Holmén's biggest achievement was winning the marathon event in the 2002 European Championships in Athletics in Munich, Germany, finishing in 2:12:14. In the 2004 Summer Olympics in Athens, Greece, Holmén finished in 22nd place, with the time 2:17:50. In the 2006 European Championships in Athletics in Gothenburg, Sweden, Holmén finished in seventh place with a time of 2:13:10. In the 2007 World Championships in Athletics Janne Hólmen took ninth place with time of 2:19:36. In the 2008 Summer Olympics in Beijing, China, Holmén finished in 19th place, with the time 2:14:44.

Holmén concentrated mainly on championship marathons where he generally succeeded well. His personal record time is 2:10:46, run in Rotterdam 2008. This is also the current Finnish record. He ended his athletics career in 2009 and concentrated on an academic career.

Holmén comes from a family of runners; his mother Nina was herself a European champion in 3000 metres in the 1974 European Championships, and his father Rune served as his trainer, in addition to being a former runner. Holmén lives in Uppsala, Sweden, with wife Laila Skah (sister of Khalid Skah) and three sons. He has converted to Islam.

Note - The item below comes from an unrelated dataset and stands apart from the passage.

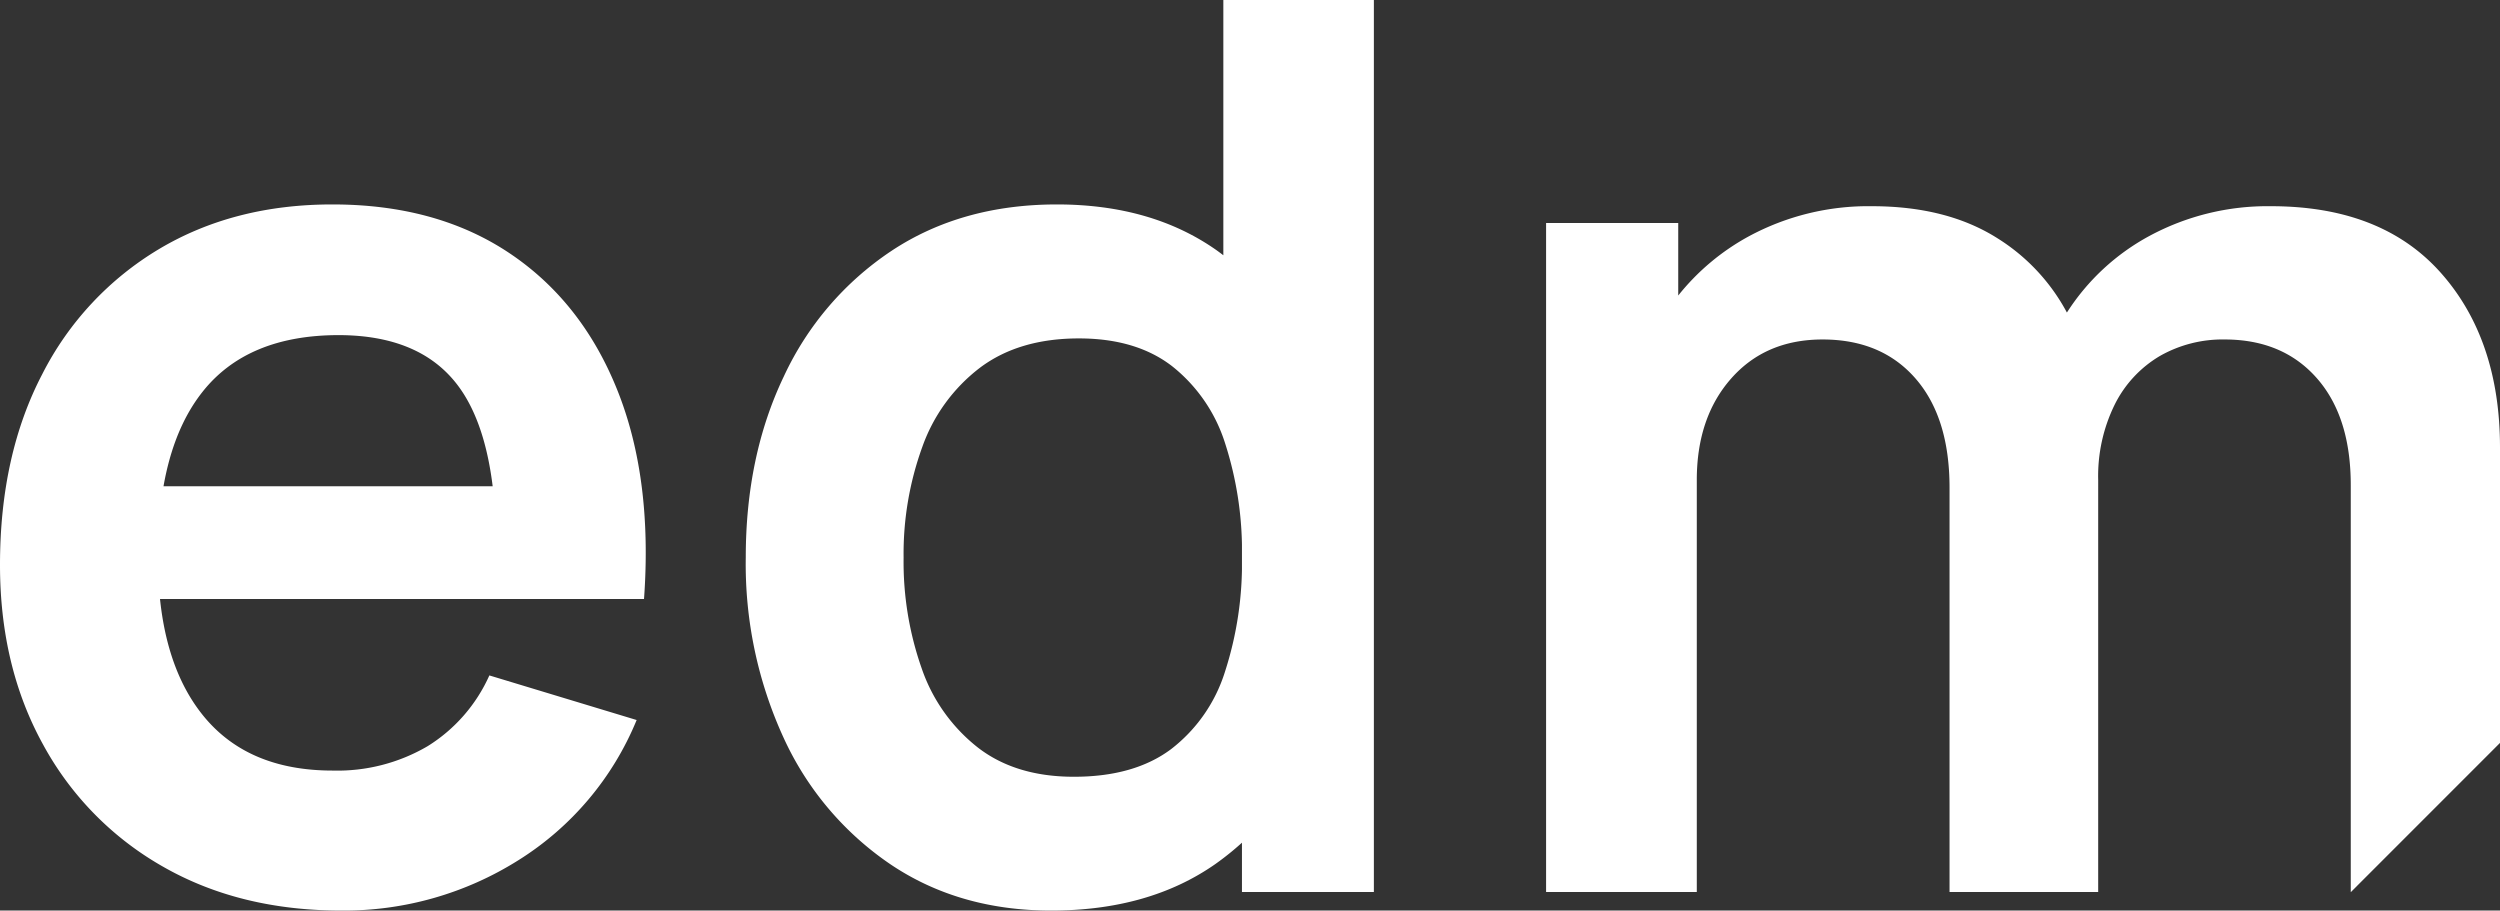 <svg xmlns="http://www.w3.org/2000/svg" viewBox="0 0 424.33 154.55"><rect x="0" y="0" width="424.33" height="154.55" fill="#333333" stroke="none"/><defs><style>.cls-1{fill:#fff;}</style></defs><g id="Layer_2" data-name="Layer 2"><g id="Layer_1-2" data-name="Layer 1"><path class="cls-1" d="M57.93,154.55q-17.25,0-30.28-7.46A52.77,52.77,0,0,1,7.31,126.37Q0,113.13,0,95.88q0-18.6,7.15-32.33A52.31,52.31,0,0,1,27,42.27q12.72-7.58,29.44-7.57,17.66,0,30,8.25t18.35,23.29q6,15,4.52,35.43H84.21V92.41q-.1-18.5-6.51-27T57.51,56.88Q42,56.88,34.38,66.5T26.81,94.62q0,17.25,7.57,26.71t22.08,9.46a30.28,30.28,0,0,0,16.14-4.15,27.18,27.18,0,0,0,10.46-12l25,7.57A50.83,50.83,0,0,1,88,146,55.5,55.5,0,0,1,57.93,154.55ZM18.82,101.67V82.53H96.94v19.14Z"/><path class="cls-1" d="M178.41,154.55q-15.66,0-27.33-7.89A52.09,52.09,0,0,1,133,125.22a70.65,70.65,0,0,1-6.42-30.6q0-17.24,6.47-30.75a51.7,51.7,0,0,1,18.34-21.34q11.88-7.83,28-7.83t27.18,7.83A48.61,48.61,0,0,1,223.2,63.92q5.69,13.56,5.68,30.7a78.52,78.52,0,0,1-5.68,30.54,48.19,48.19,0,0,1-16.92,21.5Q195,154.55,178.41,154.55Zm3.89-22.71q10.2,0,16.46-4.68a26.56,26.56,0,0,0,9.14-13.09,59.67,59.67,0,0,0,2.9-19.45,59.56,59.56,0,0,0-2.9-19.5,27.06,27.06,0,0,0-9-13q-6.1-4.68-15.77-4.68-10.2,0-16.83,5a29.12,29.12,0,0,0-9.77,13.46,53.17,53.17,0,0,0-3.16,18.76,54.44,54.44,0,0,0,3.1,18.87A29,29,0,0,0,166,126.9Q172.42,131.85,182.3,131.84Zm28.5,19.56V71.7h-3.16V0h25.55V151.4Z"/><path class="cls-1" d="M424.33,76q0-18.39-10.05-29.7T385.42,35a42.21,42.21,0,0,0-20.6,5.05,38.13,38.13,0,0,0-14,13A33.41,33.41,0,0,0,339,40.42Q330.43,35,317.72,35a42.69,42.69,0,0,0-20.87,5.1,39.41,39.41,0,0,0-12,10.06V37.85H262.42V151.4H288V81.48q0-10.62,5.84-17.24t15.51-6.62q10,0,15.77,6.62t5.78,18.5V151.4h25.23V81.48a27.42,27.42,0,0,1,2.84-12.88,19.79,19.79,0,0,1,7.67-8.2,21.5,21.5,0,0,1,10.94-2.78q9.88,0,15.66,6.57T399,82.43v69l25.33-25.34"/></g></g></svg>

Holmén has been studying at the University of Uppsala, and in 2006 he obtained a doctoral degree for his thesis Den politiska läroboken: Bilden av USA och Sovjetunionen i norska, svenska och finländska läroböcker under Kalla kriget, a study of Scandinavian school books and their portrayal of the U.S. and the Soviet Union during the Cold War.

==Personal bests==
- 5000m 13:35.62 (Lappeenranta 15.7.2001)
- 10000m 28:09.94 (Turku 15.6.2003)
- 10 km road 28:31 (NR) (Madrid 2002)
- Half marathon 1:02:35 (Sevilla 16.12.2007)
- Marathon 2:10:46 (NR) (Rotterdam 13.4.2008)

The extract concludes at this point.